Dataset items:
═══

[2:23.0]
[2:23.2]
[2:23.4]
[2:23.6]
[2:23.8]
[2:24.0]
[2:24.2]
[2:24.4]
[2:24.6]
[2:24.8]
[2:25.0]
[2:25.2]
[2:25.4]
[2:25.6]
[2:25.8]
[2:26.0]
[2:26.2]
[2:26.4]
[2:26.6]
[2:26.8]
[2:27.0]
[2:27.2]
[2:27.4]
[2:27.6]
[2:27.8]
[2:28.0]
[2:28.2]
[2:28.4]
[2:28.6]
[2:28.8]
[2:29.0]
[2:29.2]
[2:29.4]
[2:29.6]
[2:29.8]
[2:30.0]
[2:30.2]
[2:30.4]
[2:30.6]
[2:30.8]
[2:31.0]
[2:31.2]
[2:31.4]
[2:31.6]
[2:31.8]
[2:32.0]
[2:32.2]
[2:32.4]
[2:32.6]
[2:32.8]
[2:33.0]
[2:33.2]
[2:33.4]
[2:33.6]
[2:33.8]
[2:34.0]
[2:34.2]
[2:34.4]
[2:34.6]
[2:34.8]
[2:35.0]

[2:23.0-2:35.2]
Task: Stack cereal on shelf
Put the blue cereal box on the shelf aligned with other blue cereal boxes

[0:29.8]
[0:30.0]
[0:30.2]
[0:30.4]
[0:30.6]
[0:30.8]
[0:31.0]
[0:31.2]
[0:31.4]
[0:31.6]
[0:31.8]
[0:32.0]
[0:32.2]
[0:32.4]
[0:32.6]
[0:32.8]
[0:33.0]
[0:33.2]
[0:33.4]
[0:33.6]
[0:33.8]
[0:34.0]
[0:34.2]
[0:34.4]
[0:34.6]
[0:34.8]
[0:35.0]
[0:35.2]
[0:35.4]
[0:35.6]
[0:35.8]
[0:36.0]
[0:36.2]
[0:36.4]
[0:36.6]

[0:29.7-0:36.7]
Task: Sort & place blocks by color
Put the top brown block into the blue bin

═══

* [Exercise aim]: Without leaving anything out, repeat every entry shown above.

* [Written answer]:
[2:23.0]
[2:23.2]
[2:23.4]
[2:23.6]
[2:23.8]
[2:24.0]
[2:24.2]
[2:24.4]
[2:24.6]
[2:24.8]
[2:25.0]
[2:25.2]
[2:25.4]
[2:25.6]
[2:25.8]
[2:26.0]
[2:26.2]
[2:26.4]
[2:26.6]
[2:26.8]
[2:27.0]
[2:27.2]
[2:27.4]
[2:27.6]
[2:27.8]
[2:28.0]
[2:28.2]
[2:28.4]
[2:28.6]
[2:28.8]
[2:29.0]
[2:29.2]
[2:29.4]
[2:29.6]
[2:29.8]
[2:30.0]
[2:30.2]
[2:30.4]
[2:30.6]
[2:30.8]
[2:31.0]
[2:31.2]
[2:31.4]
[2:31.6]
[2:31.8]
[2:32.0]
[2:32.2]
[2:32.4]
[2:32.6]
[2:32.8]
[2:33.0]
[2:33.2]
[2:33.4]
[2:33.6]
[2:33.8]
[2:34.0]
[2:34.2]
[2:34.4]
[2:34.6]
[2:34.8]
[2:35.0]

[2:23.0-2:35.2]
Task: Stack cereal on shelf
Put the blue cereal box on the shelf aligned with other blue cereal boxes

[0:29.8]
[0:30.0]
[0:30.2]
[0:30.4]
[0:30.6]
[0:30.8]
[0:31.0]
[0:31.2]
[0:31.4]
[0:31.6]
[0:31.8]
[0:32.0]
[0:32.2]
[0:32.4]
[0:32.6]
[0:32.8]
[0:33.0]
[0:33.2]
[0:33.4]
[0:33.6]
[0:33.8]
[0:34.0]
[0:34.2]
[0:34.4]
[0:34.6]
[0:34.8]
[0:35.0]
[0:35.2]
[0:35.4]
[0:35.6]
[0:35.8]
[0:36.0]
[0:36.2]
[0:36.4]
[0:36.6]

[0:29.7-0:36.7]
Task: Sort & place blocks by color
Put the top brown block into the blue bin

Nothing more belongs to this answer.